Assigned task >> Every line of the data must be set down exactly as shown.

Input material >>
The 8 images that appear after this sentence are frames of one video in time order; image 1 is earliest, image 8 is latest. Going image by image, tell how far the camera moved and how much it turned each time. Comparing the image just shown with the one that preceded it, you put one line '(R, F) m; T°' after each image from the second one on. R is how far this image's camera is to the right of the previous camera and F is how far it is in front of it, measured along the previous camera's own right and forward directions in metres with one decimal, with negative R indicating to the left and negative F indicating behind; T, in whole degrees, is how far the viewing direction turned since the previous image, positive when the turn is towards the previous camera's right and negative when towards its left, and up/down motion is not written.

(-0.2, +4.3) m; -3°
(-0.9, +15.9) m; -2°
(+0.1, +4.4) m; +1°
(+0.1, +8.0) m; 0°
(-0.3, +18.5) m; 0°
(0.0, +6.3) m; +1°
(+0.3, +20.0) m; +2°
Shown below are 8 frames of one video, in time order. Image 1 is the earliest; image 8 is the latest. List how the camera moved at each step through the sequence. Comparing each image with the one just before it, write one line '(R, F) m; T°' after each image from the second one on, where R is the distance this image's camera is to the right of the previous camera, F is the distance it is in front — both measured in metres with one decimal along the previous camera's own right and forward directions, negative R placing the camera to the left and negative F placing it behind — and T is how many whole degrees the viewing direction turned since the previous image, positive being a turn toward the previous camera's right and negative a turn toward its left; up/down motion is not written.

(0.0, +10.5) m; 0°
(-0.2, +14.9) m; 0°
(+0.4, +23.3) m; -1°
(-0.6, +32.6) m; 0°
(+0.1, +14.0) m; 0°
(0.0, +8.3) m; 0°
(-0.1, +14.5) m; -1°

Your solution >>
The 8 images that appear after this sentence are frames of one video in time order; image 1 is earliest, image 8 is latest. Going image by image, tell how far the camera moved and how much it turned each time. Comparing the image just shown with the one that preceded it, you put one line '(R, F) m; T°' after each image from the second one on. R is how far this image's camera is to the right of the previous camera and F is how far it is in front of it, measured along the previous camera's own right and forward directions in metres with one decimal, with negative R indicating to the left and negative F indicating behind; T, in whole degrees, is how far the viewing direction turned since the previous image, positive when the turn is towards the previous camera's right and negative when towards its left, and up/down motion is not written.

(-0.2, +4.3) m; -3°
(-0.9, +15.9) m; -2°
(+0.1, +4.4) m; +1°
(+0.1, +8.0) m; 0°
(-0.3, +18.5) m; 0°
(0.0, +6.3) m; +1°
(+0.3, +20.0) m; +2°
Shown below are 8 frames of one video, in time order. Image 1 is the earliest; image 8 is the latest. List how the camera moved at each step through the sequence. Comparing each image with the one just before it, write one line '(R, F) m; T°' after each image from the second one on, where R is the distance this image's camera is to the right of the previous camera, F is the distance it is in front — both measured in metres with one decimal along the previous camera's own right and forward directions, negative R placing the camera to the left and negative F placing it behind — and T is how many whole degrees the viewing direction turned since the previous image, positive being a turn toward the previous camera's right and negative a turn toward its left; up/down motion is not written.

(0.0, +10.5) m; 0°
(-0.2, +14.9) m; 0°
(+0.4, +23.3) m; -1°
(-0.6, +32.6) m; 0°
(+0.1, +14.0) m; 0°
(0.0, +8.3) m; 0°
(-0.1, +14.5) m; -1°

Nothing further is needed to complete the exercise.